Impor Beras, CSIS Minta Harga Eceran Tertinggi Dicabut
- ANTARA FOTO/Irwansyah Putra
VIVA – Pengamat ekonomi dari Center for Strategic and International Studies, Yose Rizal Damuri, menilai, kebijakan perberasan yang saat ini dijalankan pemerintah dipastikan gagal.
Sebab, menurut Yose, pemerintah selama ini melakukan kontrol harga melalui harga eceran tertinggi (HET) dan volume beras yang tersedia.
"Kedua kebijakan tersebut (kontrol harga dan volume beras) sama-sama membutuhkan impor. Ini tidak akan berjalan," kata dia kepada VIVA, Minggu 14 Januari 2018.

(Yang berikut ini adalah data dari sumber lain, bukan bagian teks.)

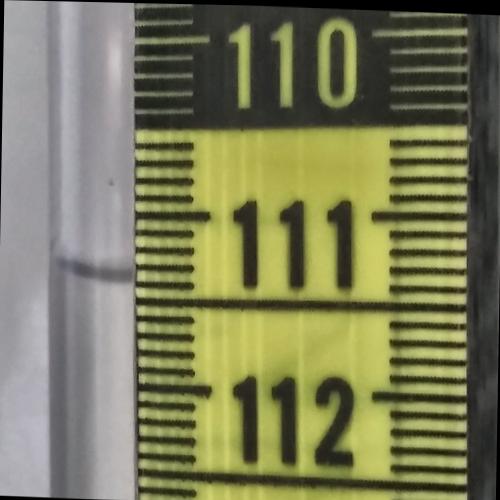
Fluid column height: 111.4 cm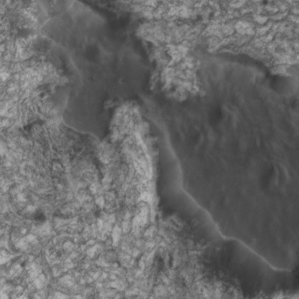
Label: non_frost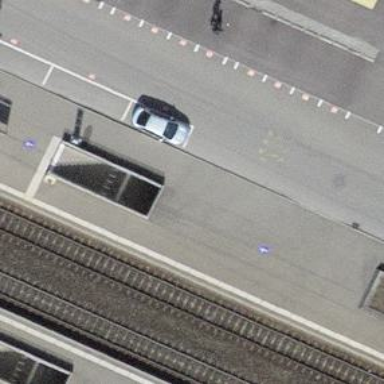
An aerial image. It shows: Footway with asphalt surface going through tunnel.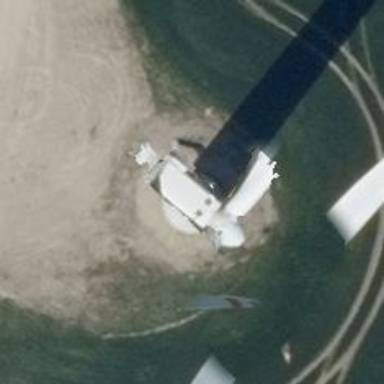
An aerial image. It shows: Wind turbine generator made by Vestas. The generator utilizes wind as its power source and belongs to the horizontal axis type.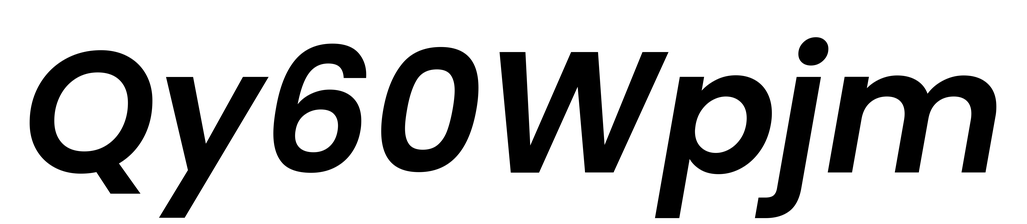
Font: Poppins-SemiBoldItalic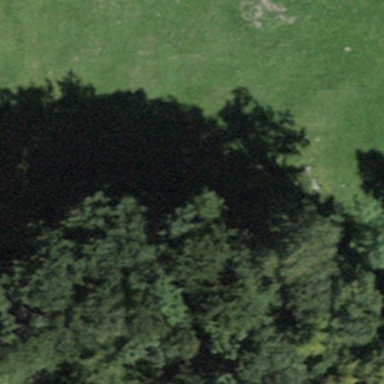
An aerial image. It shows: Forest area.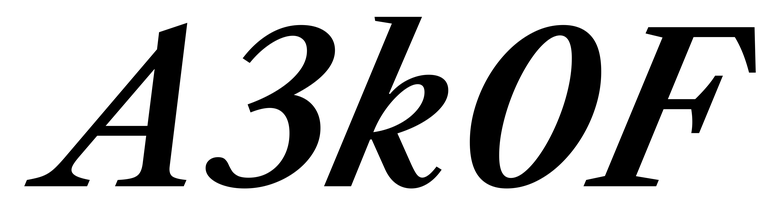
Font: LibreCaslonText-Italic_SemiBold_Italic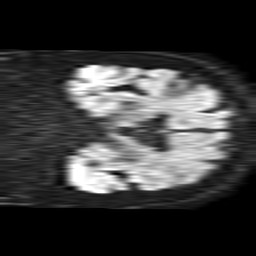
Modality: TRACE
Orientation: coronal
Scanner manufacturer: philips
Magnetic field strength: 1.5 T
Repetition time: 4.6 s
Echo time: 0.08631 s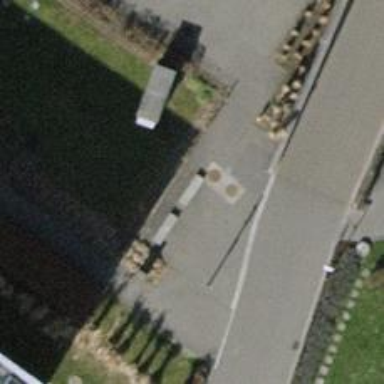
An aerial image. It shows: Concrete bench.
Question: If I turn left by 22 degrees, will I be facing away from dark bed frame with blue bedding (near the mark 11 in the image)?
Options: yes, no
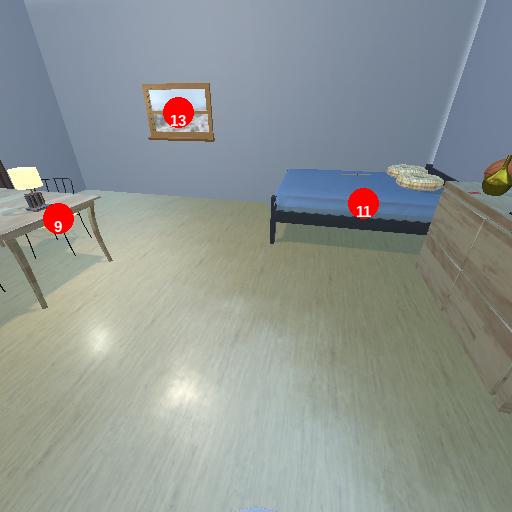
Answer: yes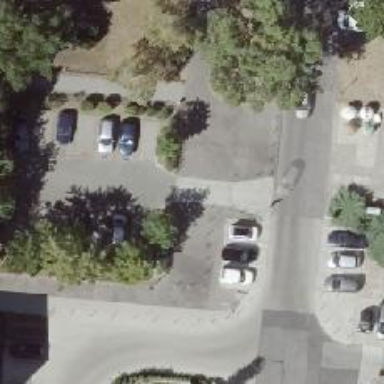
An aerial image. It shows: Parking aisle designated as service road.
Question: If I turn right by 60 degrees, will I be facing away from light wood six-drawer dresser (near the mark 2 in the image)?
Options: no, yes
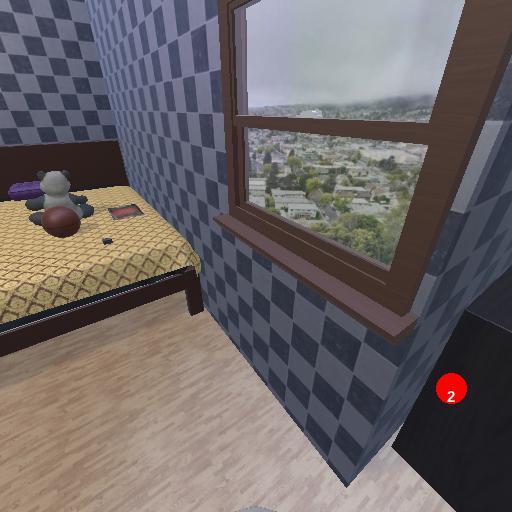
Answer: no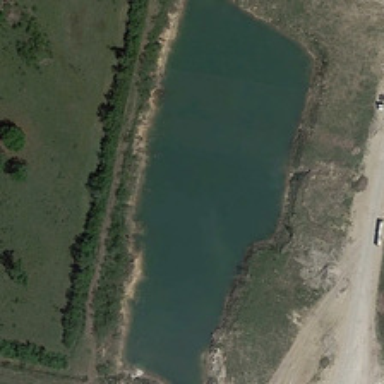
Two rows of green trees and a road are in two sides of an almost rectangular green pond .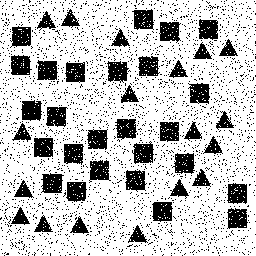
Squares: 26
Triangles: 18
Stars: 0
Total shapes: 44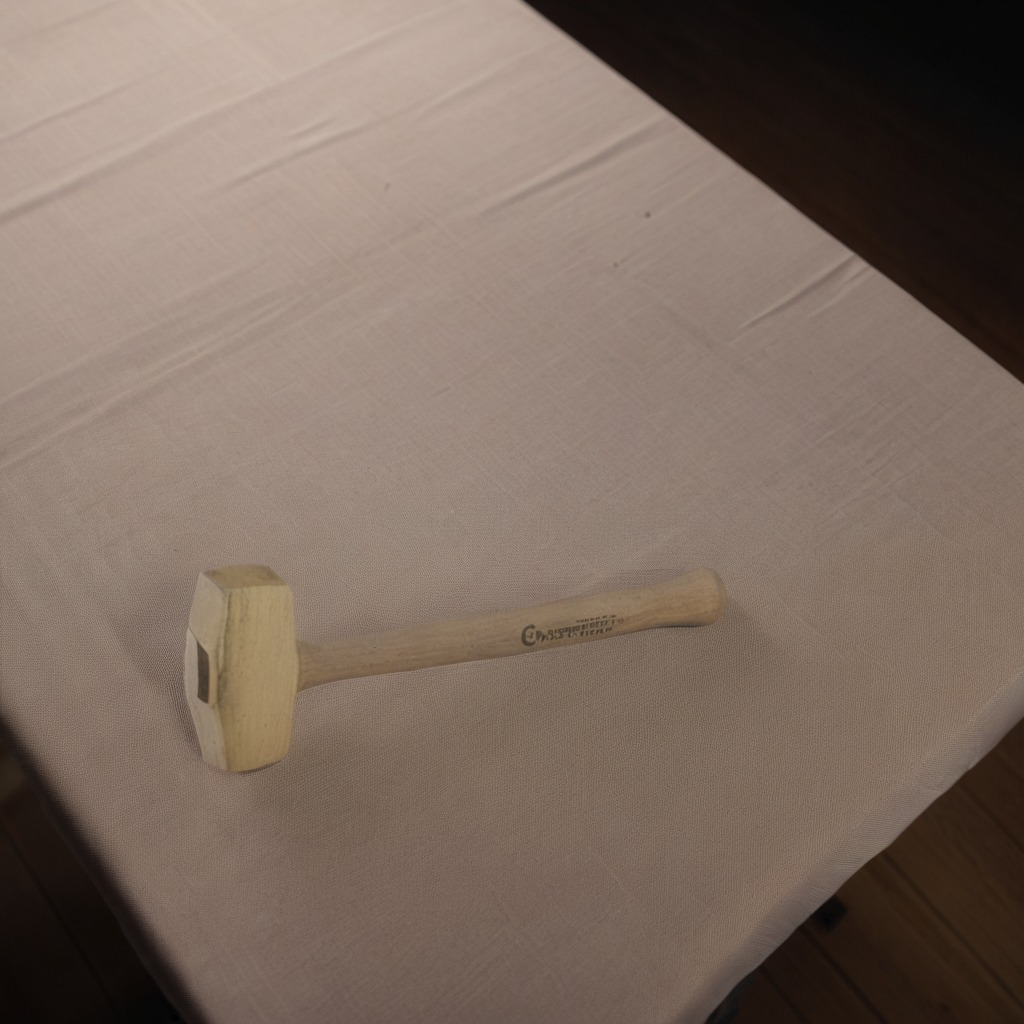
A hammer lies on a wooden table inside a workshop at night dim ambient light soft shadows worn but beneath the cloth.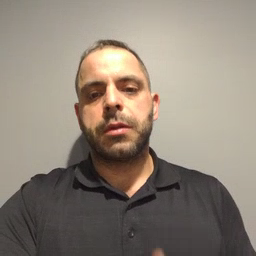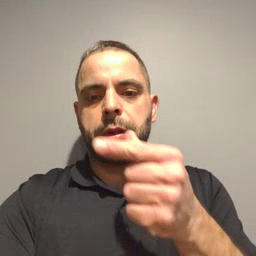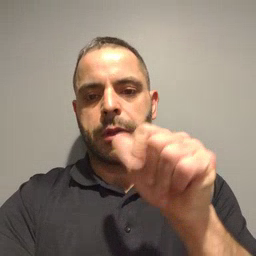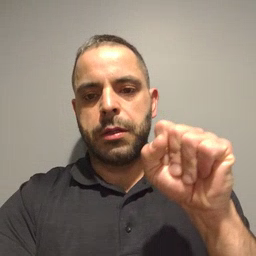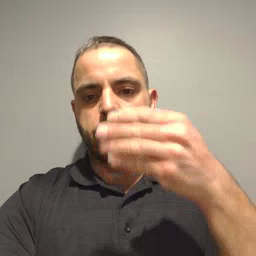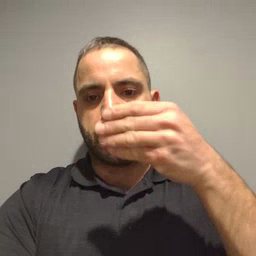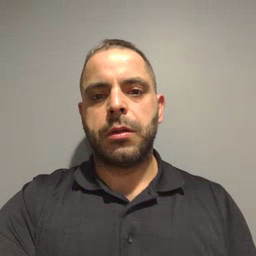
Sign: glasswindow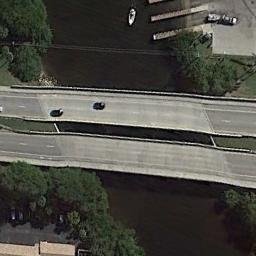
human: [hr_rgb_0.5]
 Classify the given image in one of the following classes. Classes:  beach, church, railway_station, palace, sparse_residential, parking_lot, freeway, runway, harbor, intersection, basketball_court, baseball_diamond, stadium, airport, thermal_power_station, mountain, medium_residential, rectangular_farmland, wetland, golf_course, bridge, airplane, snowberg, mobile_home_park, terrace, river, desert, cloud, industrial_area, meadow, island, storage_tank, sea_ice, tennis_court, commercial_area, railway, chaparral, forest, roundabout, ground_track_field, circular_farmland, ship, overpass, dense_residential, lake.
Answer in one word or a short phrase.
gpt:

Sebaliknya, Yose melanjutkan, apabila impor dilarang, maka harga dipastikan naik. Dengan demikian, HET yang dikumandangkan pemerintah lima 5 bulan lalu tidak akan bisa terlaksana.
Ia juga menegaskan, persoalan impor beras ini bukan masalah Nawacita ataupun kampanye. Tetapi, masalah kebijakan yang mustahil untuk dilaksanakan. Kalau mau harga rendah, maka pasokan harus tersedia, yang tidak hanya didapat dari domestik saja.
"Kalau memang pilihannya tidak melakukan impor, maka harga harus naik dan masyarakat yang dikorbankan, terutama penduduk miskin," kata Yose.
Ia berpendapat, kebijakan yang lebih tepat saat ini adalah mencabut HET, namun tetap menjaga pasokan. Hal ini, tentu saja harus di-backup dengan data perberasan yang baik.
"Ada kecurigaan yang besar bahwa data saat ini dimanipulasi besar-besaran. Jadi, dengan data yang baik kita bisa tahu apakah pasokan tersedia dengan cukup atau tidak. Kalau kurang, memang kita perlu impor. Enggak perlu alergi terhadap impor. Apalagi pada tahun politik seperti ini," tegasnya.
Ia pun mengakui, langkah impor saat ini sudah cukup tepat, tetapi mungkin telat untuk dilaksanakan. Untuk jangka panjang tentunya produktivitas pertanian harus ditingkatkan.
"Ini adalah kewajiban Menteri Pertanian (Amran Sulaiman). Urusannya adalah meningkatkan kinerja pertanian, bukan mengatur impor dan harga beras. Itu serahkan saja ke Menteri Perdagangan (Enggartiasto Lukita)," kata Yose.